Of the languages of this kingdom, we are told, that the most common are the Chinese (Taychen dialect) and the Siamese. This last is said to be simple and nervous as a spoken language, but turgid and epithetical in writing. The Pali is here, as in Cambodia and parts of India, the sacred tongue. The Laos is said to be a dialect of the Siamese; but the Cambodian, the court language, to differ much from it, and the Burmese to be quite another tongue.

In the January (1831) of his residence in this lonely situation, Mr. Abeel writes thus: "There is something in the beauty of the heavens at this season of the year, which makes up for the destitution of every earthly charm, and exceeds any thing I ever noticed in other climates. For many weeks there has scarcely fallen a drop of rain. The atmosphere, during the day, is so clear, that the eye wanders through the boundless field with a most animating range. Nothing can exceed the glories of the morning and evening twilight. The burnished heavens-the broad rays of the hidden sun, shooting up the wide arch of the firmament-often succeeded by transverse streaks of the most delicate and varying colours, and these yielding to a thousand softer and still softer tinges,-hold our eyes and hearts, at the close of each day, in glowing admiration, until the stars have one by one unveiled their glories, and all the celestial worlds beam forth through the azure with the brighest radiance."

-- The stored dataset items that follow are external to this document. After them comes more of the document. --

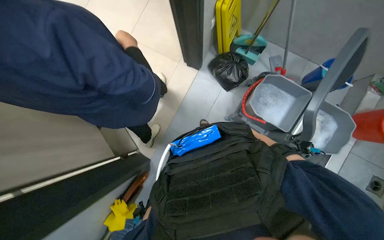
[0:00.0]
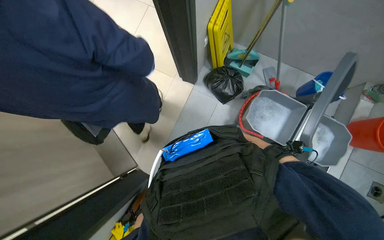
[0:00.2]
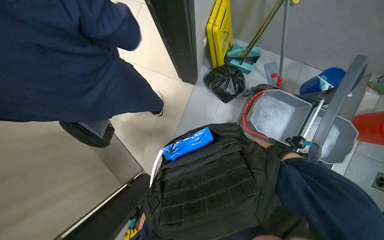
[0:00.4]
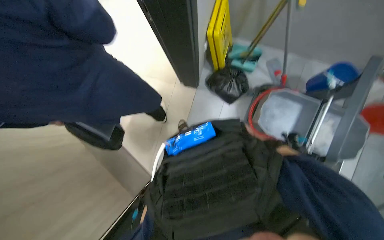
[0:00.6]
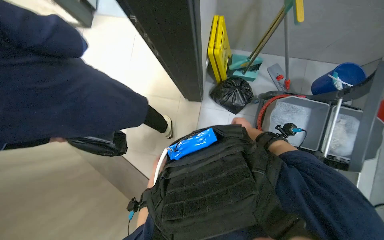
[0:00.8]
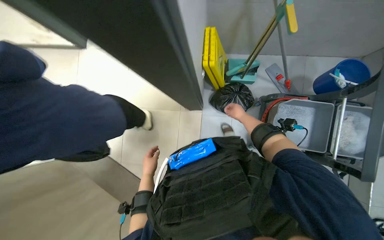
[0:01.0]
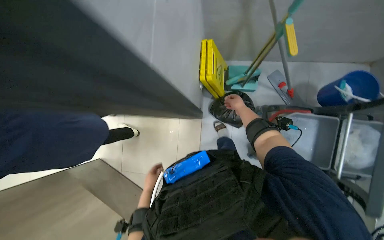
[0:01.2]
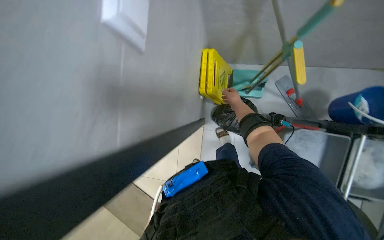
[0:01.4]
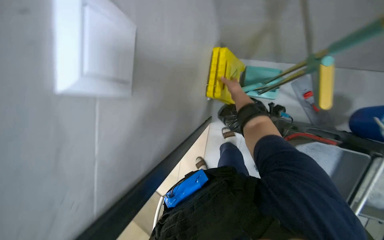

This extract, highly descriptive in itself, is applicable also to the winter of the Philippine Islands, and probably of other tropical parts of the East. Nor, we may add, is an unclouded and radiant sky, by night and by day, the only enjoyment there at this season. You there breathe an elastic air, and you feel its mild, cool freshness through a thin dress at every pore. Unhappily the sun returns, after three or four months of this delightful temperature, with its penetrating, subduing effect on the frame. Its excessive power prepares you to welcome the season of the annual rains. The exhalations of a whole summer, from a whole ocean, are then condensed above your head. The clouds, heavily charged, are driven pouring across the sky; or settling down over the spot where you are, let fall their torrents of water, compared with which the rains of northern climates are but an elevated dew. In such climates there is no correctness in our common division of the year. Hence, in the native languages, instead of summer and winter, spring and autumn, we find names for but three seasons, called after their characteristics, the " "hot," the "wet," and the "cold."

The narrative part of the work we have under review, closes with the author's residence in Siam and Singapore. Compelled by ill health to seek a colder climate, he embarked for England, (for no American vessels are permitted to visit Singapore,) in May, 1833, and arrived there in October of the same year.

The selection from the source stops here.